Indeed, the problem is not our TVs, smartphones, alcohol bottle, or anything else. The real issue is our desire to escape. We escape from the boredom of the world, from ourselves, and our responsibilities by always pursuing more and more stimulation, until and we can’t imagine doing anything else but to stimulated. When this happens, we become emotional junkies that perceive every slight annoyance as a big deal and another reason to go back to our stimulating activity. Indeed some people need only to break their nail to feel like their day is ruined, and they only seem to be happy if somebody is to promise them the world.

Cure For Over Stimulation

But this is going overboard. I mean, how did we go from taking a shower with some music on to being a full-blown stimulation addict without even being aware that we are so?

The process is very subtle and innocent, and it comes from a combination of things like some TV here and some smartphones there. Soon enough, the outside world does not seem to be as exciting and fulfilling if we don’t get another stimulation hit.

So perhaps we need to go to the sources of stimulation, some of which we already named, such as drugs, TV, smartphones, video games, marketing ads, and so on. There seem to be just so many of them today, so how can we fight them all?

In my personal life, I was surprised to find that my stimulation level was reduced when I was forced to live without a microwave for a long time. Before, I frequently used it to cook and to warm up my food. When it was removed, I felt like a lost boy, not knowing where his parents are, or in the case of food, not sure what I could eat—after a while living without a microwave. However, I could not remember why I needed one in the first place. I even found it funny to have friends ask me how I could live without one because I recognized my previous over-stimulated self in their question. And while living without a microwave is not necessarily an answer to over stimulation, it does offer some insight into what it takes to calm down our minds.

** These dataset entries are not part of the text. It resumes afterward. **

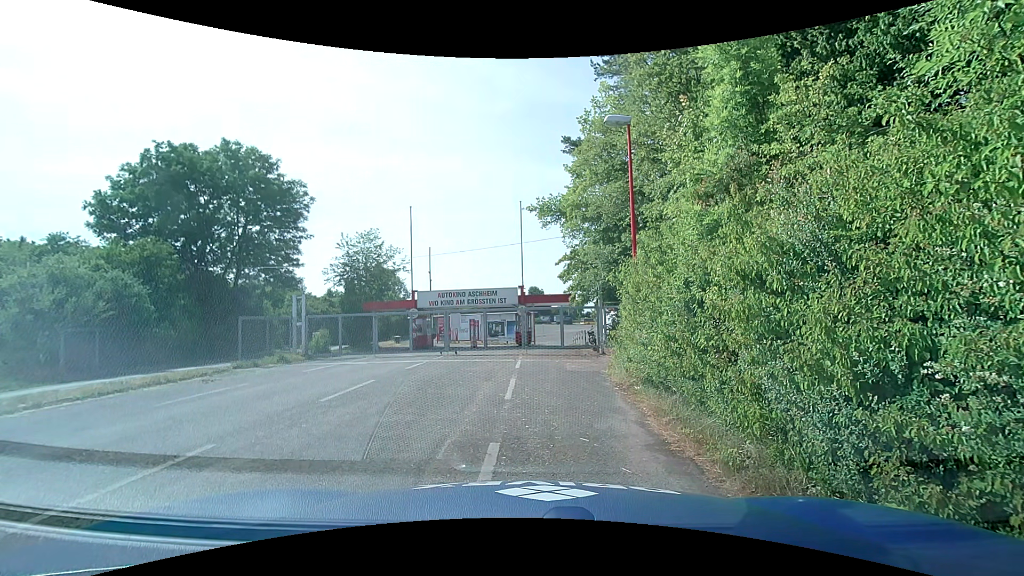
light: Day
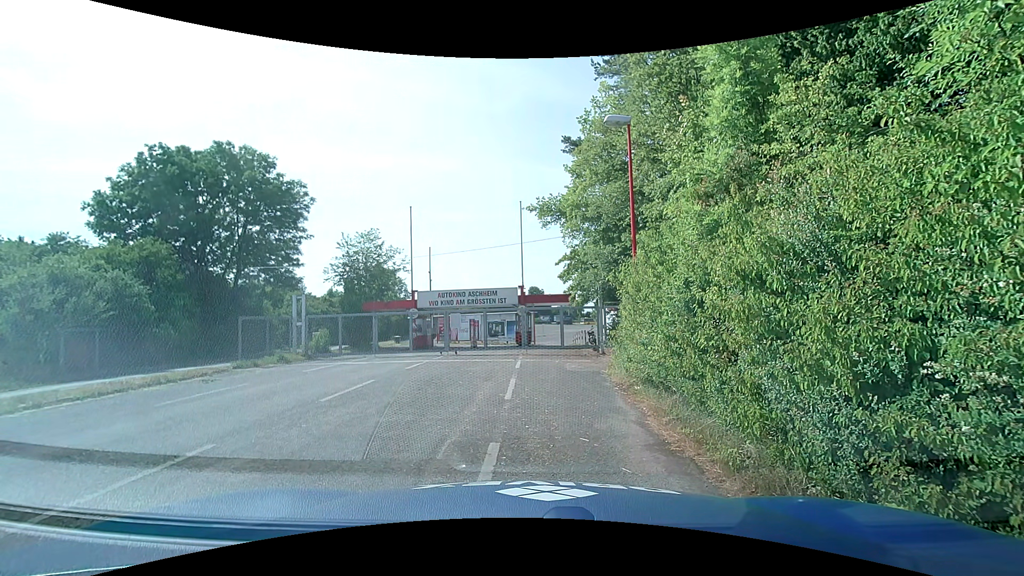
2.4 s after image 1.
(0.0, 0.0) m; 0°
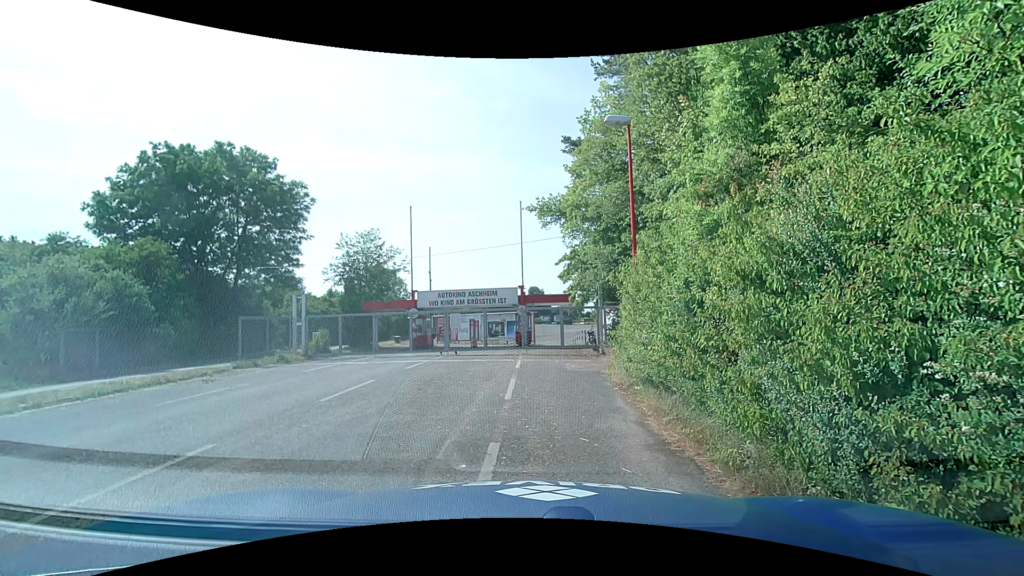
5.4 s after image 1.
(0.0, 0.0) m; 0°

Indeed, being overstimulated is like having a chronicle pain, which does not allow us to concentrate on anything but the pain, clouding us from any subtle sensations of the world, including the warmth of the sun and the pleasure of being in the company of friends. Similarly, in food, over stipulation of our sensation can come from continually adding excess sugar, salt, and spices, which mask the real taste of food. Indeed, a highly stimulated mind could find the food without spices tasteless, while a low stimulated one can distinguish its subtle flavours.

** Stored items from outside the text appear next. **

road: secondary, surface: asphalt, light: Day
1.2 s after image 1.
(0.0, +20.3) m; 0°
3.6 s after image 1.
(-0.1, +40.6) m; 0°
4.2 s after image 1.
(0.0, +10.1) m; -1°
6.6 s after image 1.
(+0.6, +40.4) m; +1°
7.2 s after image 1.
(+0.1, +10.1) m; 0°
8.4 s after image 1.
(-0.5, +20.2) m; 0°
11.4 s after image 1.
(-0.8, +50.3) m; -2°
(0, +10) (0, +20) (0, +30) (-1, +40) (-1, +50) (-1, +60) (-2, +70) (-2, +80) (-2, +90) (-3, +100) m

This brings us to a cure for over stimulation, which embraces a low state of stimulation, otherwise known as boredom. To get bored, we need to calm our nervous system down by reducing the number of stimuli from the outside world and, therefore, to reconnect with our inner world. This can be done by purposefully forgoing such things as watching TV, smartphones, the Internet, social media, listening to music, having sex, or doing any other pleasure-seeking activity for that matter, including eating and drinking. We can still do all these things in a purely practical way, but as long as we are trying to increase pleasure or decrease pain using external world objects, we stimulate our minds. This may sound ridiculous for people who spend all their time trying to do the opposite, but often they are not aware of the benefits of a different approach.

Perhaps, the most significant advantage of having a calm and bored mind is that we finally manage to look at small things in life and genuinely appreciate them. Indeed, a genuinely bored person finds a whole new world of sensation behind the noise of high stimulation. Additionally, we should be able to feel alive without no motivation whatsoever. Taken this approach to an extreme, extremely bored person is not bored at all. They find everything super interesting, almost like a high person who finally looks at his hand and sees its fascinating detail.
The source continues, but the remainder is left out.